# Refined white sugar vs: evaporated cane juice



## Ruthla (Jun 2, 2004)

I've been using evaporated cane juice for years, as it's less processed than refined white sugar and contains some nutrients from the sugar cane. But I recently purchased some of the cheap stuff for a science experiment (growing crystals ie: rock candy).

I was floored when I realized the difference in price: $3 for a 2 lb package vs. $1.99 for a 5 lb bag! Over the course of a month, I could probably save around $10 by buying cheaper sugar- and that difference could be used towards more nutrient-dense foods such as meats, nuts, or produce.

So what do you guys think? Is it worth the money for the less processed sugar, or is the food money better spent elsewhere? My initial plan with the evaporated cane juice was to encourage my kids to use less sugar overall, but it doesn't seem to have worked out that way.


----------



## Jeanne D'Arc (Apr 7, 2007)

I only cook with pure honey, molasses or syrup.

Just because i dont know how i feel about evaporated cane
juice.


----------



## tabitha (Sep 10, 2002)

i keep a bulk bucket of organic florida crystals type sugar, but i do more cooking with rapadura & honey. the crystallized sugar is for things like birthday cakes and frosting, or when i bake for other people, or for canning when i make a light syrup or the like.

i think it is worth the money, though i pay less than you do because i buy it in bulk. it isnt bleached, it isnt sprayed with shite, and it is yet another way to vote with your money.

however, we will probably not buy much of it after we start harvesting honey from our hives.


----------



## spughy (Jun 28, 2005)

I think it's worth the money IF ONLY because if you're shelling out that much for sugar, you're not going to want to use it as much


----------



## cristeen (Jan 20, 2007)

Personally, I would rather spend more money on ECJ than less on white sugar. But I also severely limit ECJ use. My main sweetening comes from honey. Then maple. I use rapadura for baking (for other people, I don't eat it), and the ECJ is for delicate things that can't handle the molasses in rapadura (like pie crust or meringue).

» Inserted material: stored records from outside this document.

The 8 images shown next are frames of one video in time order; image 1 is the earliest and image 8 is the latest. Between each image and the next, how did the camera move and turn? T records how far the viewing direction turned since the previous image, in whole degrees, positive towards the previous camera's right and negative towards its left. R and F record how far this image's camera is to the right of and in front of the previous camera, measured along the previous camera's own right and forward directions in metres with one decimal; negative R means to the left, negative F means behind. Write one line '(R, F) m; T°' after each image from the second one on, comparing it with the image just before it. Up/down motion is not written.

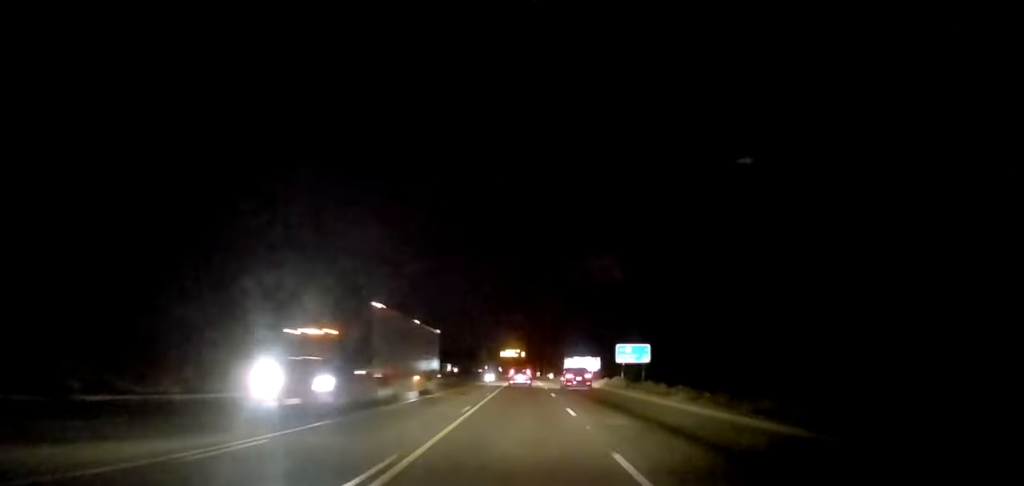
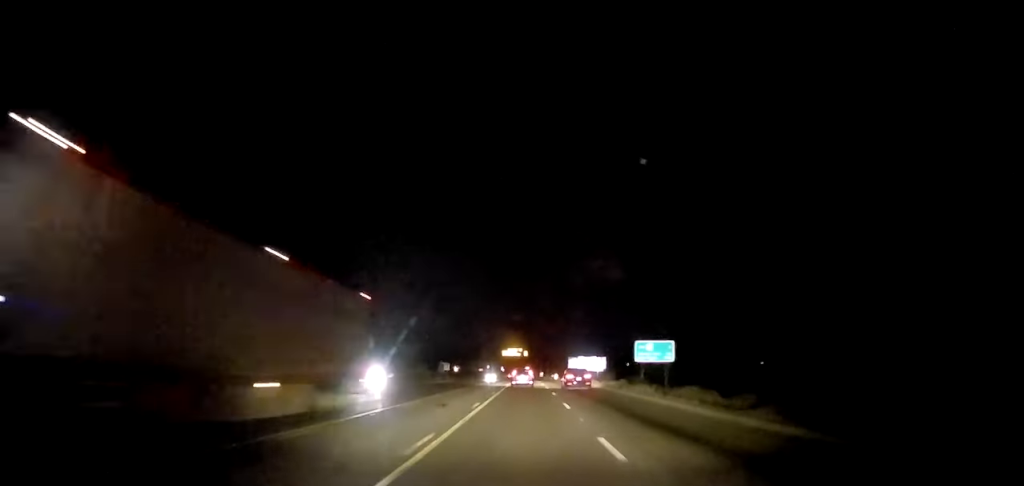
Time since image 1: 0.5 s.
(0.0, +8.8) m; -1°
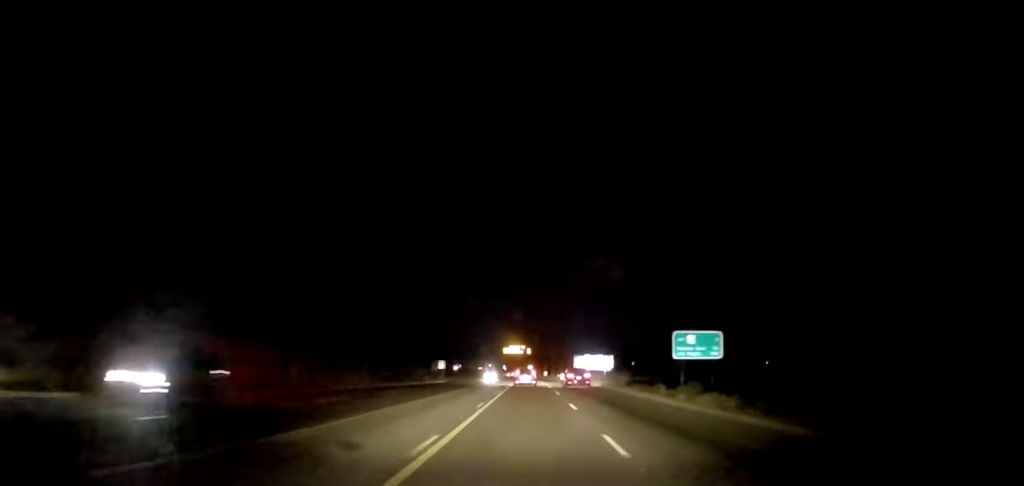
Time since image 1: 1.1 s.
(-0.7, +12.1) m; -1°
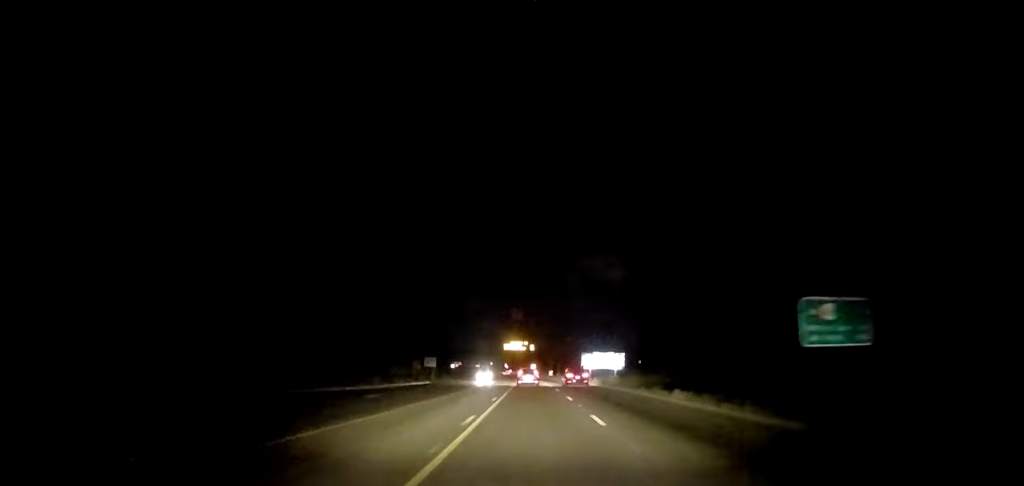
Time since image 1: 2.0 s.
(+0.3, +18.2) m; +1°
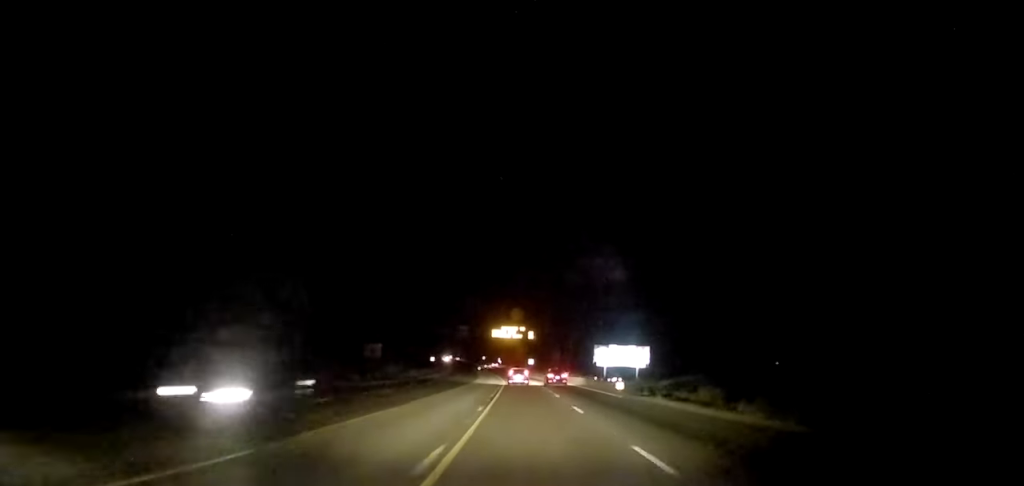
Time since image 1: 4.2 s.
(+0.3, +42.8) m; 0°
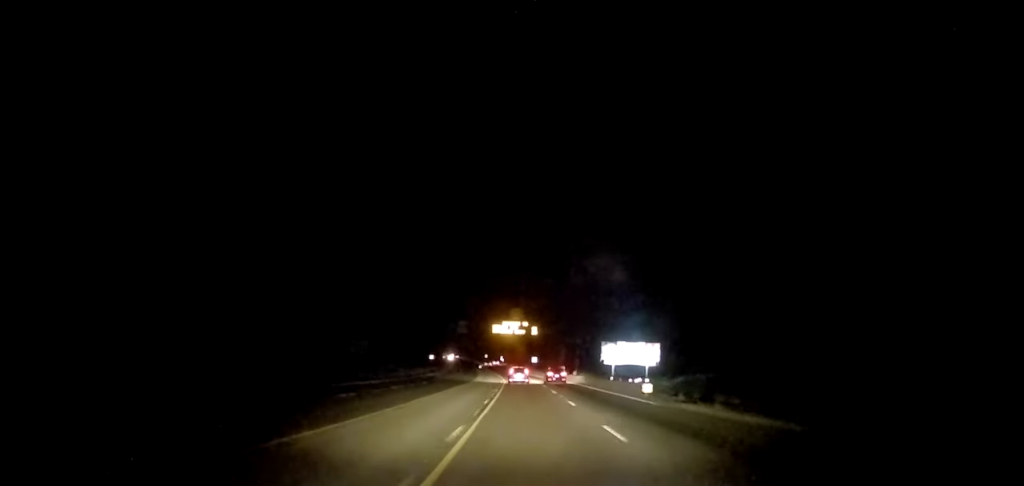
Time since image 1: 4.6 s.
(0.0, +8.2) m; 0°
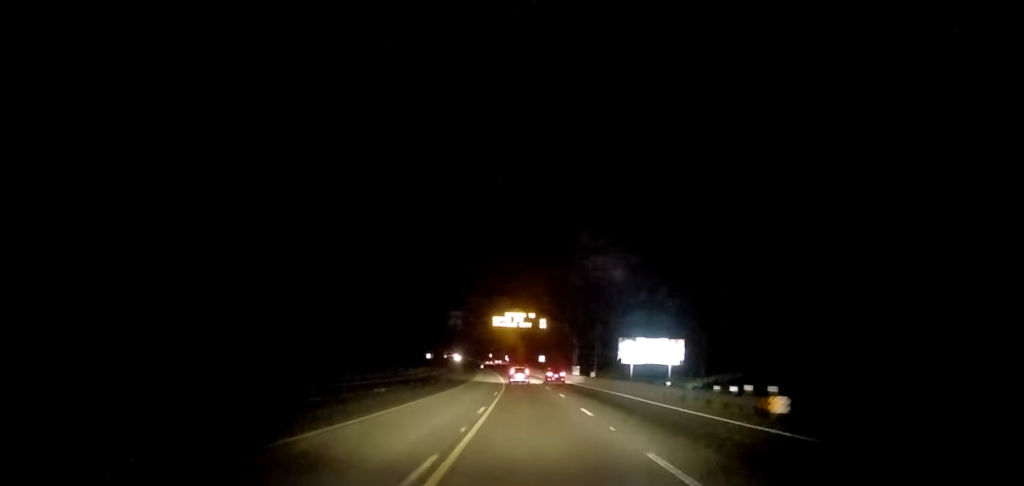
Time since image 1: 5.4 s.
(0.0, +16.4) m; 0°
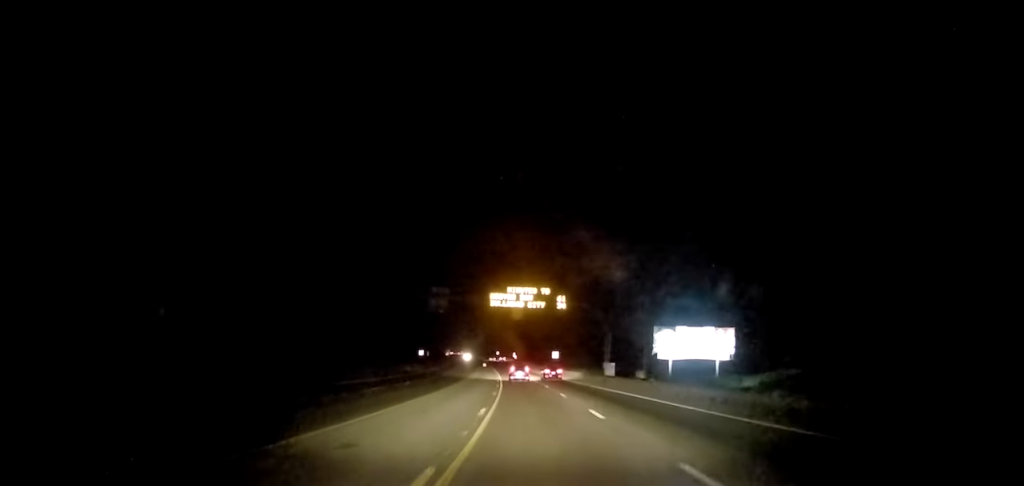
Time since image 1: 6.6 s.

The ECJ also contains more of the natural minerals than refined white sugar. But, you might want to think about removing it alltogether. Try getting your family to switch to rapadura (which has a LOT more minerals than even ECJ), or even honey. I can buy honey in bulk at the HFS or the local (beer) brew store (where it is cheaper). Yes, it winds up being more expensive than refined white, but it is healthier for your family. And in the long run, that's more important, IMO.


----------



## Ruthla (Jun 2, 2004)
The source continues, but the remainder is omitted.